Late subclinical coccidiosis, she said, can have a measurable, negative impact on performance. “Dr. Teeter’s mathematical models really seem to do a good job of offering a measure of economic impact; they seem to be real under field conditions.”

Vaccination reduces challenge

Vaccination, Newman continued, “offers an opportunity to manage your coccidiosis challenge. Establishment of an early, consistent immunity pattern is going to eliminate carryover and stop that cycle of resistance-building. It’s going to reduce the overall coccidiosis challenge and will give you the opportunity to renew sensitivity to in-feed anticoccidials.”

Vaccination, which can be used for broilers at any slaughter weight, is a process with a long-term goal, she emphasized.

The oocyst shedding that occurs with in-feed anticoccidials tends to peak at about 4 weeks of age, close to market age. If slaughter age were at 63 days, as it was 20 years ago, then an oocyst-shedding peak at 28 to 35 days wouldn’t matter. “At this moment, though, our coccidiosis peak and our slaughter age are directly on top of each other, and our peaks are increasing because we’ve lost sensitivity to the anticoccidials,” she said.

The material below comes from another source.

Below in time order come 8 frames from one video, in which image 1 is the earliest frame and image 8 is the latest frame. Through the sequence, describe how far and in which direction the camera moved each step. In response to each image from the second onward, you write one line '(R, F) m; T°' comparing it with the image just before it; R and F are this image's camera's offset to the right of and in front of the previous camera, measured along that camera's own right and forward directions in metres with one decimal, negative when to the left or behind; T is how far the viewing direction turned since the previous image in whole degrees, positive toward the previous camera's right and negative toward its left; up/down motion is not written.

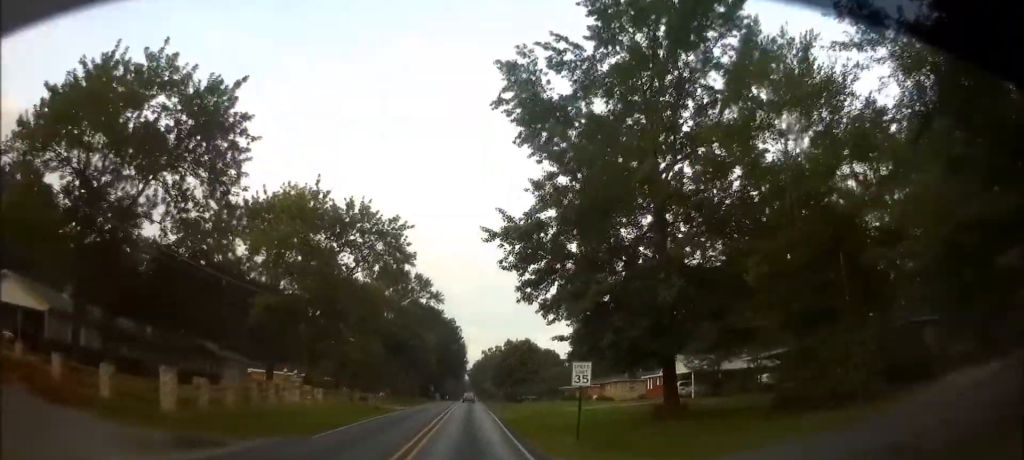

Another factor to consider is that cleanout and disinfection aren’t effective against coccidia. The overall numbers in the house can be reduced if the litter is removed, but generally it’s not possible to kill coccidial oocysts, Newman said.

“Know what your coccidiosis challenge looks like. If oocyst counts are high, you won’t get maximum performance from your birds. Keep in mind that our flocks aren’t breaking with coccidiosis and this isn’t complete resistance. It’s just high oocyst counts, reflecting subclinical coccidiosis. They’re minor lesions, but as Dr. Teeter’s research and field experience demonstrate, they can have major consequences,” she said.